You’ll need new furniture to display your wares - podiums, benches, hat stands, weapon stands, shelves - though the game doesn’t tell you what can go on which thing, and it appears to arbitrarily and non-intuitively restrictive. Basic swords don’t go on weapon stands, but benches - and only on one side of them at that. You can’t move furniture once placed, only delete them and rebuy them at great cost. And you can only buy and place furniture when your shop is closed, which would be fine if I could work out how to close my shop. It has only ever happened once, and I have no idea why - it doesn’t seem to be related to the day night cycle. I found a way around this, however: save the game (by pressing 5 and then M, obviously), quit and reload, and the game restarts in a shop-closed state, allowing you to put everything in order. This strategy has its flaws: the game has, on occasion, simply failed to save and lost me days of tediously won progress.

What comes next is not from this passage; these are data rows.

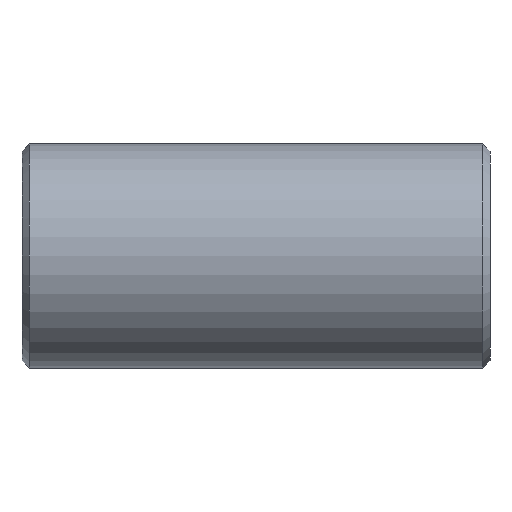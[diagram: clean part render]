
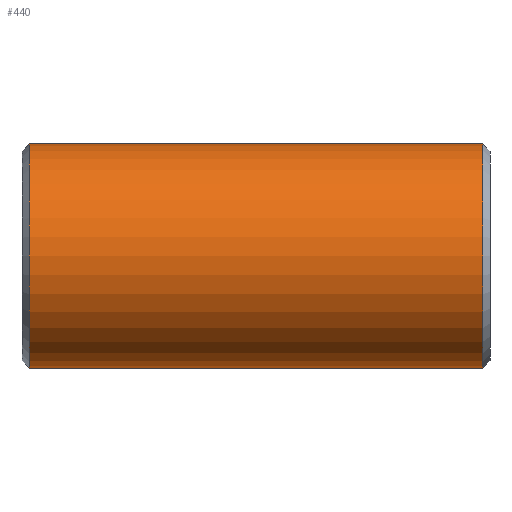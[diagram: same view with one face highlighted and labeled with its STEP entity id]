
A CAD part, front view. The second image highlights one B-rep face of the part: STEP entity #440.
In plain terms, the highlighted cylindrical face has radius 36.513 mm (diameter 73.025 mm), a partial arc.
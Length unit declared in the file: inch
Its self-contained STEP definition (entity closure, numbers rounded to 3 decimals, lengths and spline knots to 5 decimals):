
#27 = VERTEX_POINT ( 'NONE', #87 ) ;
#41 = FACE_OUTER_BOUND ( 'NONE', #449, .T. ) ;
#45 = AXIS2_PLACEMENT_3D ( 'NONE', #481, #291, #541 ) ;
#87 = CARTESIAN_POINT ( 'NONE',  ( -2.908, 0., -1.4375 ) ) ;
#92 = CARTESIAN_POINT ( 'NONE',  ( 2.908, 0., 1.4375 ) ) ;
#94 = DIRECTION ( 'NONE',  ( 1., 0., 0. ) ) ;
#103 = EDGE_CURVE ( 'NONE', #640, #163, #593, .T. ) ;
#146 = ORIENTED_EDGE ( 'NONE', *, *, #103, .T. ) ;
#154 = CARTESIAN_POINT ( 'NONE',  ( -2.908, 0., 0. ) ) ;
#163 = VERTEX_POINT ( 'NONE', #92 ) ;
#166 = CARTESIAN_POINT ( 'NONE',  ( -2.908, 0., 1.4375 ) ) ;
#186 = EDGE_CURVE ( 'NONE', #472, #27, #516, .T. ) ;
#187 = DIRECTION ( 'NONE',  ( -1., 0., 0. ) ) ;
#212 = VECTOR ( 'NONE', #764, 39.37008 ) ;
#243 = DIRECTION ( 'NONE',  ( 0., 0., -1. ) ) ;
#291 = DIRECTION ( 'NONE',  ( -1., 0., 0. ) ) ;
#298 = CARTESIAN_POINT ( 'NONE',  ( 2.908, 0., 0. ) ) ;
#317 = CARTESIAN_POINT ( 'NONE',  ( 3., 0., -1.4375 ) ) ;
#345 = VECTOR ( 'NONE', #187, 39.37008 ) ;
#392 = LINE ( 'NONE', #639, #212 ) ;
#415 = EDGE_CURVE ( 'NONE', #163, #472, #392, .T. ) ;
#440 = ADVANCED_FACE ( 'NONE', ( #41 ), #466, .T. ) ;
#449 = EDGE_LOOP ( 'NONE', ( #775, #146, #663, #691 ) ) ;
#466 = CYLINDRICAL_SURFACE ( 'NONE', #45, 1.4375 ) ;
#472 = VERTEX_POINT ( 'NONE', #166 ) ;
#481 = CARTESIAN_POINT ( 'NONE',  ( 3., 0., 0. ) ) ;
#494 = LINE ( 'NONE', #317, #345 ) ;
#516 = CIRCLE ( 'NONE', #621, 1.4375 ) ;
#541 = DIRECTION ( 'NONE',  ( 0., 0., 1. ) ) ;
#554 = AXIS2_PLACEMENT_3D ( 'NONE', #298, #736, #243 ) ;
#593 = CIRCLE ( 'NONE', #554, 1.4375 ) ;
#620 = CARTESIAN_POINT ( 'NONE',  ( 2.908, 0., -1.4375 ) ) ;
#621 = AXIS2_PLACEMENT_3D ( 'NONE', #154, #94, #643 ) ;
#639 = CARTESIAN_POINT ( 'NONE',  ( 3., 0., 1.4375 ) ) ;
#640 = VERTEX_POINT ( 'NONE', #620 ) ;
#643 = DIRECTION ( 'NONE',  ( 0., 0., 1. ) ) ;
#645 = EDGE_CURVE ( 'NONE', #640, #27, #494, .T. ) ;
#663 = ORIENTED_EDGE ( 'NONE', *, *, #415, .T. ) ;
#691 = ORIENTED_EDGE ( 'NONE', *, *, #186, .T. ) ;
#736 = DIRECTION ( 'NONE',  ( -1., 0., 0. ) ) ;
#764 = DIRECTION ( 'NONE',  ( -1., 0., 0. ) ) ;
#775 = ORIENTED_EDGE ( 'NONE', *, *, #645, .F. ) ;

This is annoying mostly because things threaten to become interesting only when you have a chunk of change set aside: in the early days of your business, you are beholden to a pretty linear set of decisions about what to buy, as that is all you can afford. With 10,000 in your pocket, you can expand your shop in one of several directions, double down on your quantity of stock, upgrade to fancier items, or buy more robot assistants to fry would-be thieves. There’s also a tech tree which allows you to add an electric security gate to the front of your store, attract richer customers, or force them to buy two items instead of one.

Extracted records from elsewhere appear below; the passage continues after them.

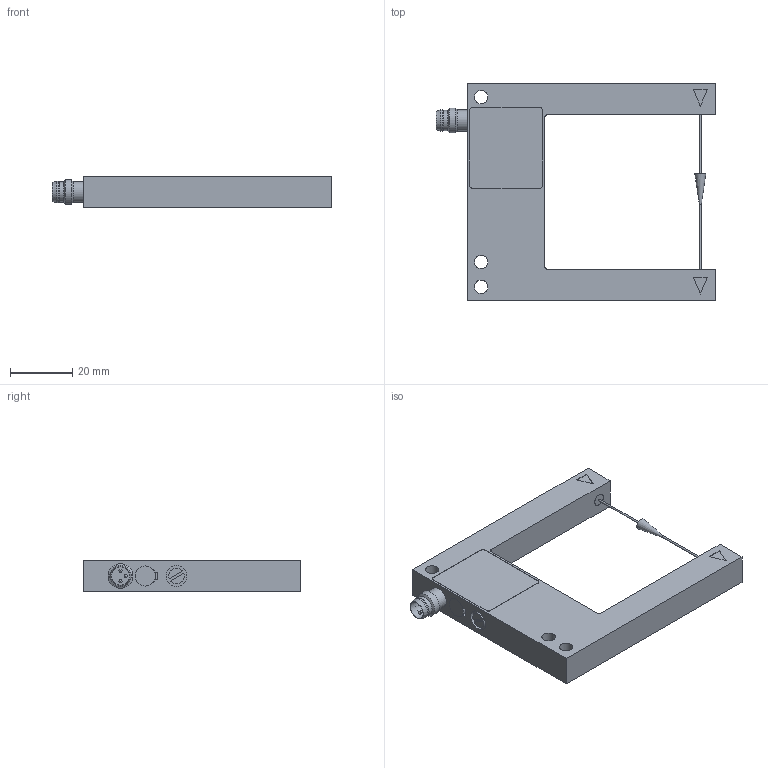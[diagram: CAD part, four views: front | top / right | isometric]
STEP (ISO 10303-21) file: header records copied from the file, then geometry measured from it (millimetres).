
FILE_DESCRIPTION(/* description */ ('STEP AP214'),/* implementation_level */ '2;1');
FILE_NAME(/* name */ '553555_SOOF-M-FL-SM-C50-P',/* time_stamp */ '2024-09-15T10:23:20+02:00',/* author */ ('License CC BY-ND 4.0'),/* organization */ ('CADENAS'),/* preprocessor_version */ 'ST-DEVELOPER v19.3',/* originating_system */ 'PARTsolutions',/* authorisation */ ' ');
FILE_SCHEMA (('AUTOMOTIVE_DESIGN {1 0 10303 214 3 1 1}'));
Length unit declared in the file: millimetre
Products named in the file (3): 553555 SOOF-M-FL-SM-C50-P---(0); 553555 SOOF-M-FL-SM-C50-P_P; Light-Beam-1-50-0.6
Assembly tree (2 placements, depth 2):
  553555 SOOF-M-FL-SM-C50-P---(0)
    553555 SOOF-M-FL-SM-C50-P_P
    Light-Beam-1-50-0.6
Bounding box: 90 x 70 x 10 mm (x, y, z)
Volume: 28294.2 mm3; surface area: 10730.6 mm2
Topology: 2 solids, 2 shells, 74 faces, 161 edges, 104 vertices
Faces by surface type: plane 40, cylinder 26, cone 5, sphere 3
Full cylindrical faces by diameter (mm): 0.6 x2, 1 x3, 4 x2, 4.3 x3, 5.8 x1, 6.499 x1, 6.5 x1, 6.7 x1, 6.773 x1, 6.9 x1, 8 x1
Entity records: 1946 total; most frequent: DIRECTION 340, CARTESIAN_POINT 309, ORIENTED_EDGE 264, EDGE_CURVE 132, AXIS2_PLACEMENT_3D 131, EDGE_LOOP 118, FACE_BOUND 118, VERTEX_POINT 100

None of this quite manages to elevate the game from uniform drudgery, however - though I have hopes that it may as the game trundles onwards through Early Access. Currently, selectable “Quests” appear to challenge you to sell specific items, which you were probably going to do anyway at some point. Expanding your shop doesn’t materially change the nature of the decisions you make - of which there are precious few anyway - and by the time you can afford such expansion the tech tree is almost entirely unlocked, very little of which does more than massage numbers behind the scenes. Is there more subtlety to the game than first appears? Does the placement of items, say, make people more likely to buy them? Do customers tend to want things at different times of day? Is there any dynamism to the economy that might make this anything other than a linear accumulative grind hampered by makework? If there is, it needs to be placed front and centre. If there isn’t, it might be time for Shoppe Keep to sit back and take stock.
Shoppe Keep is available from Steam for £4. I played the version with the Build ID 771433 on 12/09/2015.